START Extracted material

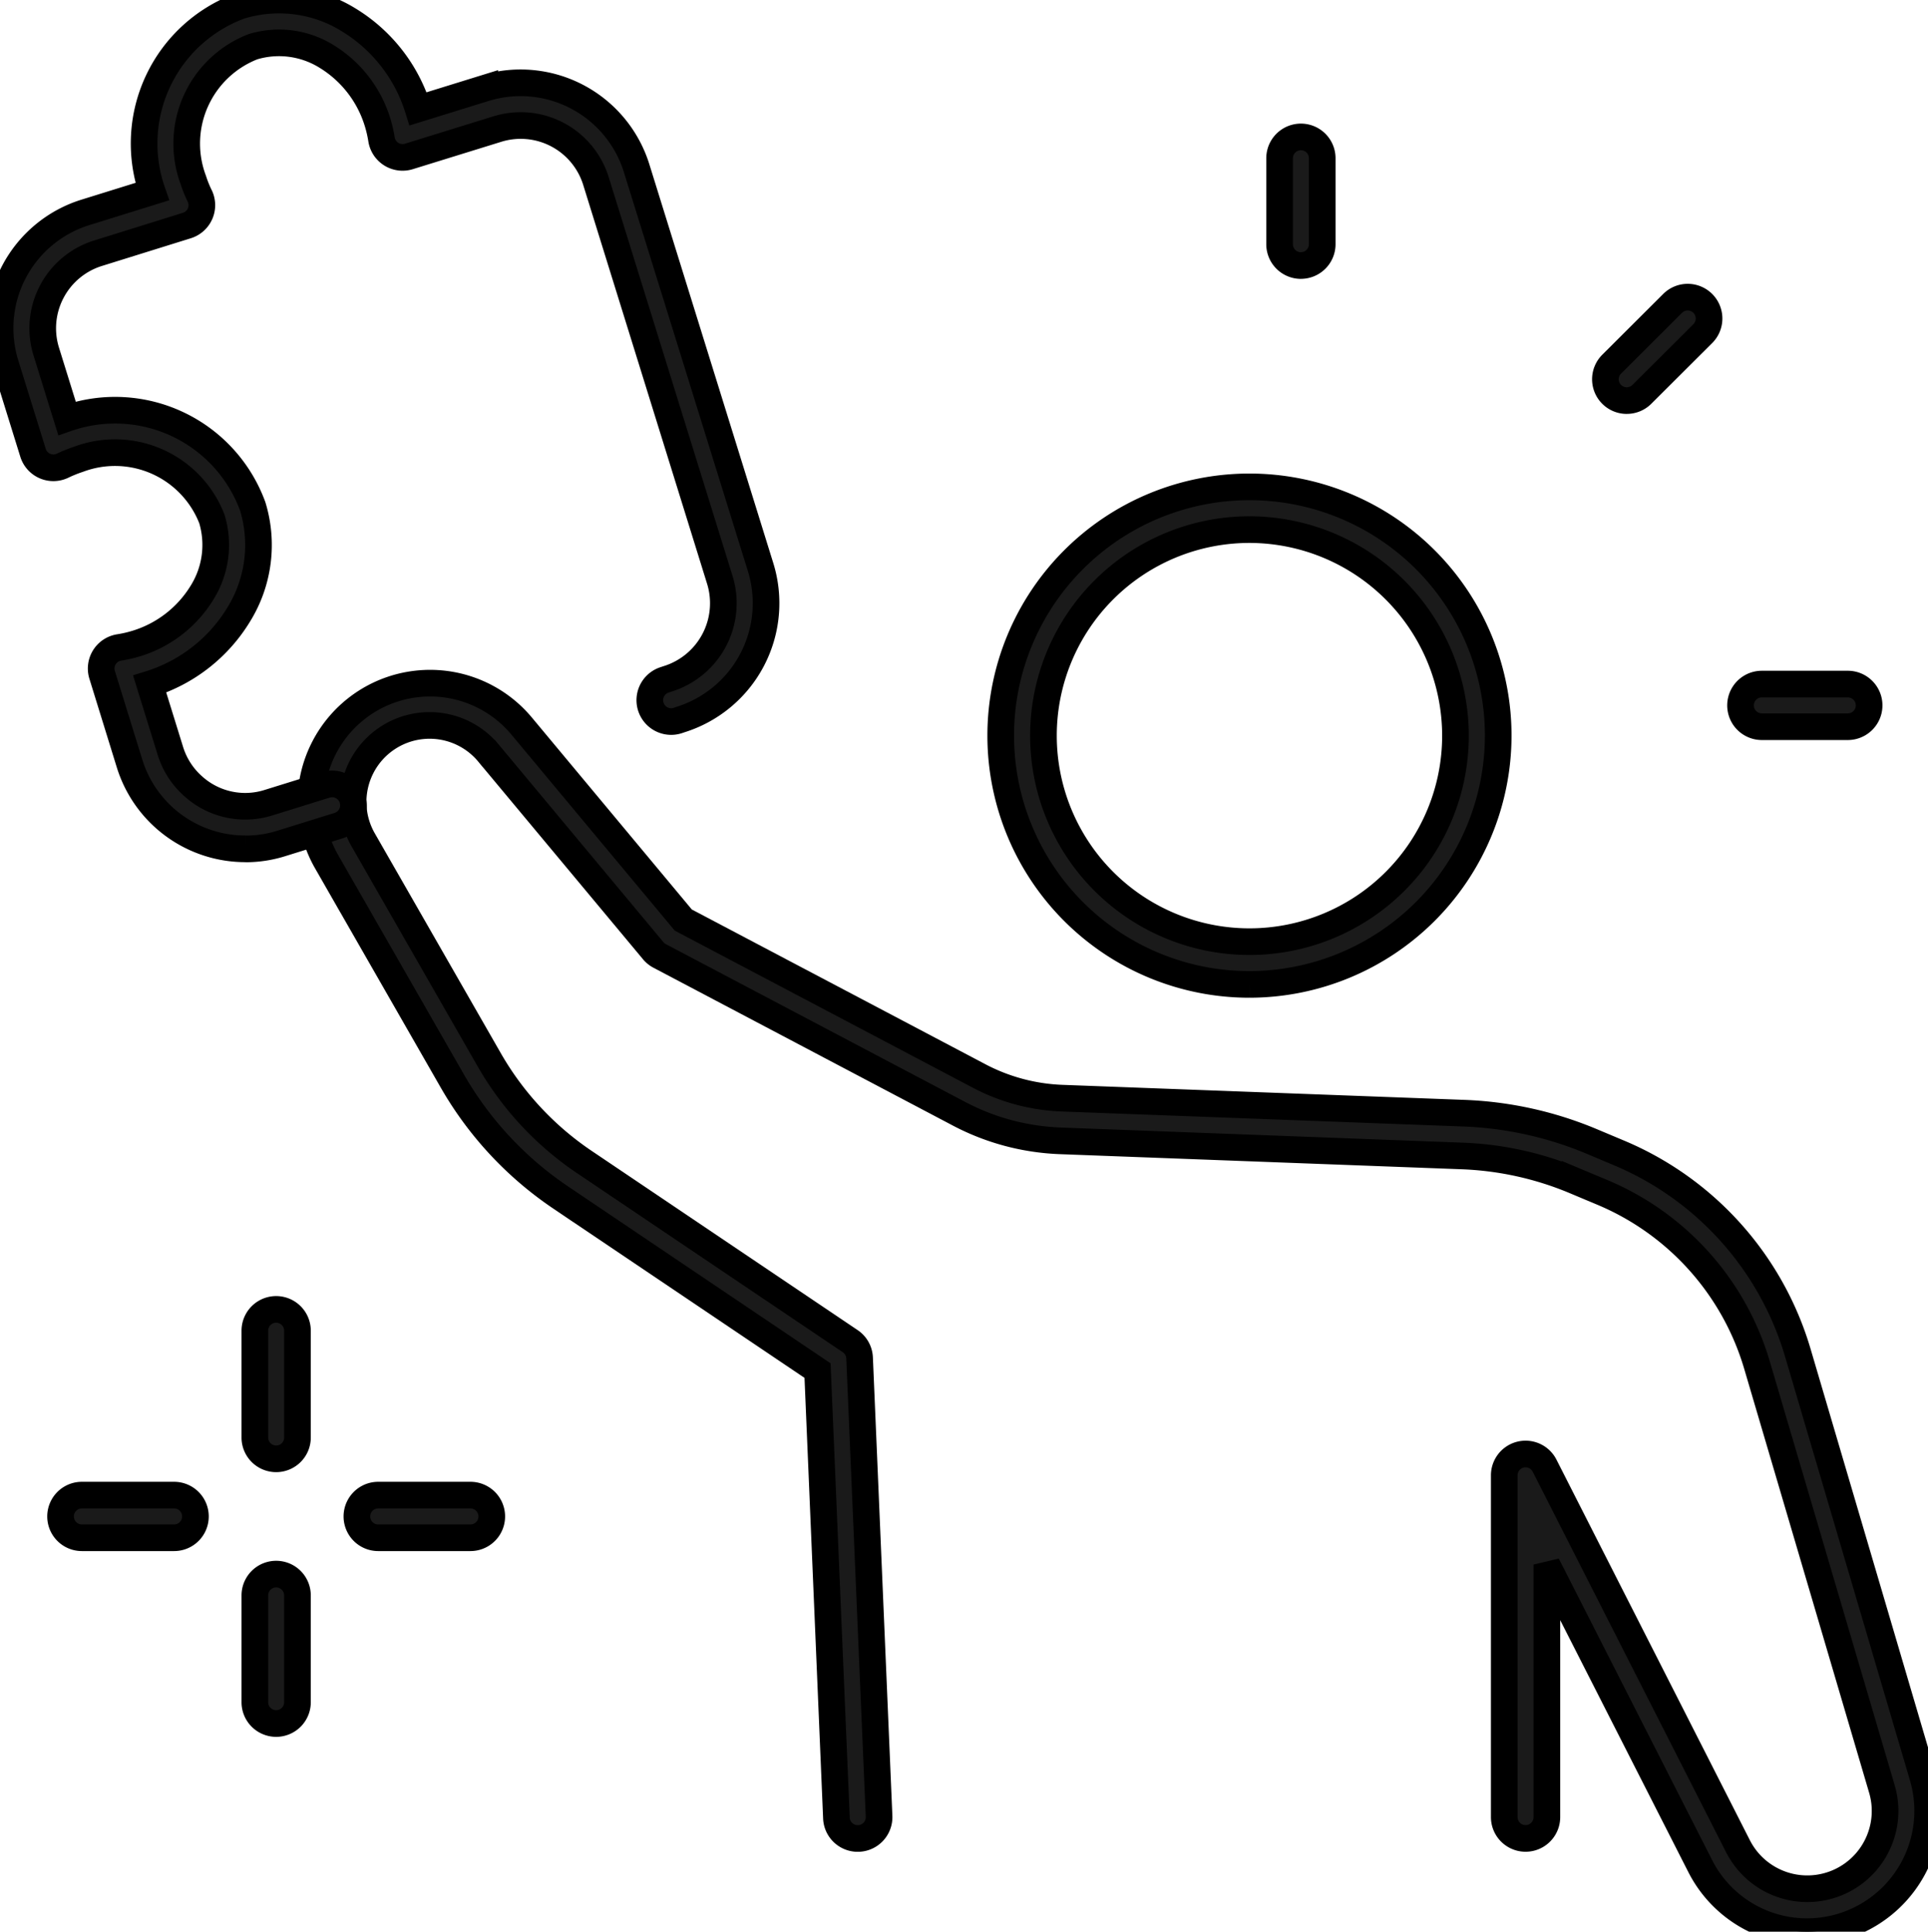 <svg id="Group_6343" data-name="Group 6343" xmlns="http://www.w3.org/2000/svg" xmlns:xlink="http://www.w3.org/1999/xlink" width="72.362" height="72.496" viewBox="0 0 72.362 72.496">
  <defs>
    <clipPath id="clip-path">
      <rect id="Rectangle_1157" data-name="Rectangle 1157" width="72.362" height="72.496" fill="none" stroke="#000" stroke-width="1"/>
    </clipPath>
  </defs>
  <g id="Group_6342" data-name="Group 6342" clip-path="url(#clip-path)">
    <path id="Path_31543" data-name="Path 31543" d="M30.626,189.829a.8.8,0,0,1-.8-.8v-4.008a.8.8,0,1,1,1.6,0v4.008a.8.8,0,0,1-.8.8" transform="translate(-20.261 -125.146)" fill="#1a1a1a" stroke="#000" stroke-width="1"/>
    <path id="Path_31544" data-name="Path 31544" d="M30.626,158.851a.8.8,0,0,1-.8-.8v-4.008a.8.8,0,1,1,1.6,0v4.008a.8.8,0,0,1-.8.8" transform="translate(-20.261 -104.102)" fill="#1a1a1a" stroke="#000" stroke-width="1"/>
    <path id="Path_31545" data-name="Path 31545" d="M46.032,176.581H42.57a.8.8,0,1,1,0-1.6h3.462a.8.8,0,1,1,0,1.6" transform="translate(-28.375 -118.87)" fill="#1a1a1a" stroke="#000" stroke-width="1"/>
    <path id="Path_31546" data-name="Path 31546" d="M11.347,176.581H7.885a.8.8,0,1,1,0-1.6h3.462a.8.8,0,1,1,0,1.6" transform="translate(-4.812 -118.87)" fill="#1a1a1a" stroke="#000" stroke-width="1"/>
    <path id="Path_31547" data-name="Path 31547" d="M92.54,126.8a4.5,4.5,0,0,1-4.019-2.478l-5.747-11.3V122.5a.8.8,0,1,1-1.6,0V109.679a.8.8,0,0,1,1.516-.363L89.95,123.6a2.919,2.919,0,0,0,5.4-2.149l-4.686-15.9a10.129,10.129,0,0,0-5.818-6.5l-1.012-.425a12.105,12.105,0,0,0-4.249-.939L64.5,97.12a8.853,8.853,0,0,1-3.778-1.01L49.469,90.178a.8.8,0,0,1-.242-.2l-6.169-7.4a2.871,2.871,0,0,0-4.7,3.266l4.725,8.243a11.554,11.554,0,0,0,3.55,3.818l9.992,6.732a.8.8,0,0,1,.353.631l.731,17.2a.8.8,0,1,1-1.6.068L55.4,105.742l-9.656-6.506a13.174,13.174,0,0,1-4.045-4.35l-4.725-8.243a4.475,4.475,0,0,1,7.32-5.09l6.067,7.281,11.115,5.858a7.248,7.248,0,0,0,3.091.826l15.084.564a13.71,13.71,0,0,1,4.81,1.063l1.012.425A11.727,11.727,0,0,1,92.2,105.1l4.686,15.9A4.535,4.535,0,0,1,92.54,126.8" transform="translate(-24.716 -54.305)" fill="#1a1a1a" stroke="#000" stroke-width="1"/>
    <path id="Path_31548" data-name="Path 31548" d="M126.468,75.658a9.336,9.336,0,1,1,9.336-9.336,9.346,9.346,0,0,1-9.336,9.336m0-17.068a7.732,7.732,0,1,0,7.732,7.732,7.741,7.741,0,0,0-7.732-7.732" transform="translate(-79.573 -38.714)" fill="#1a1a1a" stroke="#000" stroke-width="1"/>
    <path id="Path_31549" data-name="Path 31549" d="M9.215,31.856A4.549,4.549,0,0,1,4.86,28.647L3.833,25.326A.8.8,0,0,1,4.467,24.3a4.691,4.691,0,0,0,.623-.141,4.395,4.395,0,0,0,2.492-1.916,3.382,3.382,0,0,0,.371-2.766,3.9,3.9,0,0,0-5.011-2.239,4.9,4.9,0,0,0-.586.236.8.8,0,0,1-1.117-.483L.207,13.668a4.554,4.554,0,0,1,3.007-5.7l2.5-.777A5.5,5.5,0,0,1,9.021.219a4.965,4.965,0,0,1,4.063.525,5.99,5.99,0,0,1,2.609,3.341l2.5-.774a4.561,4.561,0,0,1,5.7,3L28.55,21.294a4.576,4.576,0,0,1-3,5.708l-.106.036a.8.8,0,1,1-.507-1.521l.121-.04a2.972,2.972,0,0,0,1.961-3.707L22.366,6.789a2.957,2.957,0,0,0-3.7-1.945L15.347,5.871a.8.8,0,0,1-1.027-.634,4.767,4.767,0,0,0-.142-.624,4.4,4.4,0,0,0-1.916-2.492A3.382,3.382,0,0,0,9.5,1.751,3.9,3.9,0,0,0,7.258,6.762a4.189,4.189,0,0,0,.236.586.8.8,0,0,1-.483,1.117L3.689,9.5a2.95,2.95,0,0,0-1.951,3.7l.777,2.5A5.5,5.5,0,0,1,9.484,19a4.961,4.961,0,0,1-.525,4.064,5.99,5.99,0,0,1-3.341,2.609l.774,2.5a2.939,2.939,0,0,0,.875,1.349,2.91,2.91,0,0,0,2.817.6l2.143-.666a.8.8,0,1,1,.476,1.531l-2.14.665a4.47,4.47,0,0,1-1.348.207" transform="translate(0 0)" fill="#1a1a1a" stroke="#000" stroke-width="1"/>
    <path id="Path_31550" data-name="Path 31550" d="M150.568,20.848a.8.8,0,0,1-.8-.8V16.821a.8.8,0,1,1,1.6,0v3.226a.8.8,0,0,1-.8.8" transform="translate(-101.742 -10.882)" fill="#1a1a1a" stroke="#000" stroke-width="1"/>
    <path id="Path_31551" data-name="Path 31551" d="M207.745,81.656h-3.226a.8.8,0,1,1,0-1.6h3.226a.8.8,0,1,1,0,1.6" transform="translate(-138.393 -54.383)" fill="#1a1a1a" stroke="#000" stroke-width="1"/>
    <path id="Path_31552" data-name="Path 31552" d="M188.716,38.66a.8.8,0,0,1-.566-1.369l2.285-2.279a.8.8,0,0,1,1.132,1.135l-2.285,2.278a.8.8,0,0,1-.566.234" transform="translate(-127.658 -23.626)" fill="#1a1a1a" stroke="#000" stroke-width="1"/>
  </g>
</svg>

END Extracted material

[Try it] Line for line, restate the data above and omit every picture.

[Answer box]
 <svg id="Group_6343" data-name="Group 6343" xmlns="http://www.w3.org/2000/svg" xmlns:xlink="http://www.w3.org/1999/xlink" width="72.362" height="72.496" viewBox="0 0 72.362 72.496">
  <defs>
    <clipPath id="clip-path">
      <rect id="Rectangle_1157" data-name="Rectangle 1157" width="72.362" height="72.496" fill="none" stroke="#000" stroke-width="1"/>
    </clipPath>
  </defs>
  <g id="Group_6342" data-name="Group 6342" clip-path="url(#clip-path)">
    <path id="Path_31543" data-name="Path 31543" d="M30.626,189.829a.8.8,0,0,1-.8-.8v-4.008a.8.8,0,1,1,1.6,0v4.008a.8.8,0,0,1-.8.8" transform="translate(-20.261 -125.146)" fill="#1a1a1a" stroke="#000" stroke-width="1"/>
    <path id="Path_31544" data-name="Path 31544" d="M30.626,158.851a.8.8,0,0,1-.8-.8v-4.008a.8.8,0,1,1,1.6,0v4.008a.8.8,0,0,1-.8.8" transform="translate(-20.261 -104.102)" fill="#1a1a1a" stroke="#000" stroke-width="1"/>
    <path id="Path_31545" data-name="Path 31545" d="M46.032,176.581H42.57a.8.8,0,1,1,0-1.6h3.462a.8.8,0,1,1,0,1.6" transform="translate(-28.375 -118.87)" fill="#1a1a1a" stroke="#000" stroke-width="1"/>
    <path id="Path_31546" data-name="Path 31546" d="M11.347,176.581H7.885a.8.8,0,1,1,0-1.6h3.462a.8.8,0,1,1,0,1.6" transform="translate(-4.812 -118.87)" fill="#1a1a1a" stroke="#000" stroke-width="1"/>
    <path id="Path_31547" data-name="Path 31547" d="M92.54,126.8a4.5,4.5,0,0,1-4.019-2.478l-5.747-11.3V122.5a.8.8,0,1,1-1.6,0V109.679a.8.8,0,0,1,1.516-.363L89.95,123.6a2.919,2.919,0,0,0,5.4-2.149l-4.686-15.9a10.129,10.129,0,0,0-5.818-6.5l-1.012-.425a12.105,12.105,0,0,0-4.249-.939L64.5,97.12a8.853,8.853,0,0,1-3.778-1.01L49.469,90.178a.8.8,0,0,1-.242-.2l-6.169-7.4a2.871,2.871,0,0,0-4.7,3.266l4.725,8.243a11.554,11.554,0,0,0,3.55,3.818l9.992,6.732a.8.8,0,0,1,.353.631l.731,17.2a.8.8,0,1,1-1.6.068L55.4,105.742l-9.656-6.506a13.174,13.174,0,0,1-4.045-4.35l-4.725-8.243a4.475,4.475,0,0,1,7.32-5.09l6.067,7.281,11.115,5.858a7.248,7.248,0,0,0,3.091.826l15.084.564a13.71,13.71,0,0,1,4.81,1.063l1.012.425A11.727,11.727,0,0,1,92.2,105.1l4.686,15.9A4.535,4.535,0,0,1,92.54,126.8" transform="translate(-24.716 -54.305)" fill="#1a1a1a" stroke="#000" stroke-width="1"/>
    <path id="Path_31548" data-name="Path 31548" d="M126.468,75.658a9.336,9.336,0,1,1,9.336-9.336,9.346,9.346,0,0,1-9.336,9.336m0-17.068a7.732,7.732,0,1,0,7.732,7.732,7.741,7.741,0,0,0-7.732-7.732" transform="translate(-79.573 -38.714)" fill="#1a1a1a" stroke="#000" stroke-width="1"/>
    <path id="Path_31549" data-name="Path 31549" d="M9.215,31.856A4.549,4.549,0,0,1,4.86,28.647L3.833,25.326A.8.8,0,0,1,4.467,24.3a4.691,4.691,0,0,0,.623-.141,4.395,4.395,0,0,0,2.492-1.916,3.382,3.382,0,0,0,.371-2.766,3.9,3.9,0,0,0-5.011-2.239,4.9,4.9,0,0,0-.586.236.8.8,0,0,1-1.117-.483L.207,13.668a4.554,4.554,0,0,1,3.007-5.7l2.5-.777A5.5,5.5,0,0,1,9.021.219a4.965,4.965,0,0,1,4.063.525,5.99,5.99,0,0,1,2.609,3.341l2.5-.774a4.561,4.561,0,0,1,5.7,3L28.55,21.294a4.576,4.576,0,0,1-3,5.708l-.106.036a.8.8,0,1,1-.507-1.521l.121-.04a2.972,2.972,0,0,0,1.961-3.707L22.366,6.789a2.957,2.957,0,0,0-3.7-1.945L15.347,5.871a.8.8,0,0,1-1.027-.634,4.767,4.767,0,0,0-.142-.624,4.4,4.4,0,0,0-1.916-2.492A3.382,3.382,0,0,0,9.5,1.751,3.9,3.9,0,0,0,7.258,6.762a4.189,4.189,0,0,0,.236.586.8.8,0,0,1-.483,1.117L3.689,9.5a2.95,2.95,0,0,0-1.951,3.7l.777,2.5A5.5,5.5,0,0,1,9.484,19a4.961,4.961,0,0,1-.525,4.064,5.99,5.99,0,0,1-3.341,2.609l.774,2.5a2.939,2.939,0,0,0,.875,1.349,2.91,2.91,0,0,0,2.817.6l2.143-.666a.8.8,0,1,1,.476,1.531l-2.14.665a4.47,4.47,0,0,1-1.348.207" transform="translate(0 0)" fill="#1a1a1a" stroke="#000" stroke-width="1"/>
    <path id="Path_31550" data-name="Path 31550" d="M150.568,20.848a.8.8,0,0,1-.8-.8V16.821a.8.8,0,1,1,1.6,0v3.226a.8.8,0,0,1-.8.8" transform="translate(-101.742 -10.882)" fill="#1a1a1a" stroke="#000" stroke-width="1"/>
    <path id="Path_31551" data-name="Path 31551" d="M207.745,81.656h-3.226a.8.8,0,1,1,0-1.6h3.226a.8.8,0,1,1,0,1.6" transform="translate(-138.393 -54.383)" fill="#1a1a1a" stroke="#000" stroke-width="1"/>
    <path id="Path_31552" data-name="Path 31552" d="M188.716,38.66a.8.8,0,0,1-.566-1.369l2.285-2.279a.8.8,0,0,1,1.132,1.135l-2.285,2.278a.8.8,0,0,1-.566.234" transform="translate(-127.658 -23.626)" fill="#1a1a1a" stroke="#000" stroke-width="1"/>
  </g>
</svg>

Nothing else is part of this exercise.